Open nathanielc opened 8 years ago
The solution to this is proposed to make use of a new mechanism called the blob store. See https://github.com/influxdata/kapacitor/blob/master/BLOB_STORE_DESIGN.md
I am interested in the use case mentioned in the design document, to load and store trained model data. In particular, there are families of filters built from time-series models (the many variations of AR and MA, for example) in which the runtime execution is a relatively simple computation of weights and a moving window of values.
There is a class of problems of this type that lend themselves well to representation in InfluxDB. The input data arrives from the outside and is written to the database. The points themselves can be streamed through a filter UDF running in Kapacitor, providing realtime analytics.
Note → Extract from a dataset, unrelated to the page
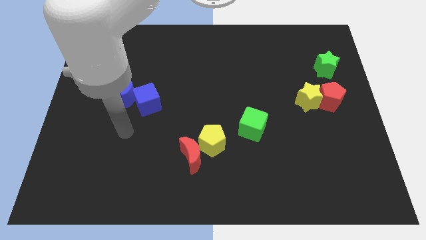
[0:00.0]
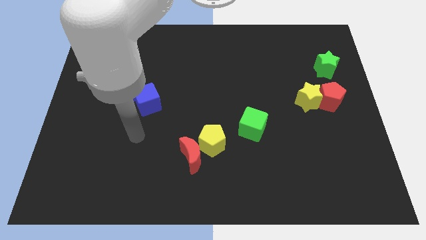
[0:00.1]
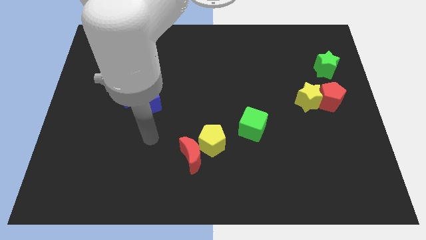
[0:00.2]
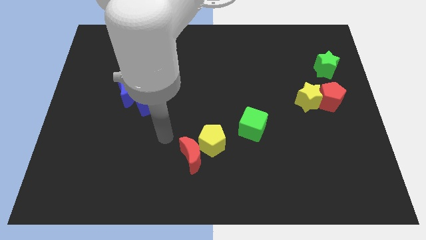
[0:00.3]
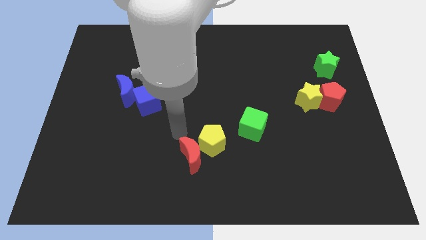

And then the base input data can be collected in batch and re-estimated, allowing a runtime system to easily perform its own rolling updates.
The features to implement this missing from the TICK stack right now are:
The Blob Store
proposal appears intended to provide opaque storage/retrieval for a UDF. In terms of providing a robust snapshot store to aid in system startup, and thus avoid a crippling amount of startup-querying as a bunch of big filters queue up their history data, it seems like a good approach.
However, as a mechanism for supporting the filtering models mentioned above, it seems like a step away from the easy transparency of the time series data stored in InfluxDB. While it is easy to imagine an external program performing a model estimation and storing the new weights into a blob for the UDF to read, if one wants to store the weights as-computed and as-used it seems more in-character to store the data as Points.
Currently snapshots are associated with tasks and node snapshot data is keyed by the node ID from the DAG. These node IDs can easily change. We need a way to make saving/loading a snapshot work even if the DAG changes.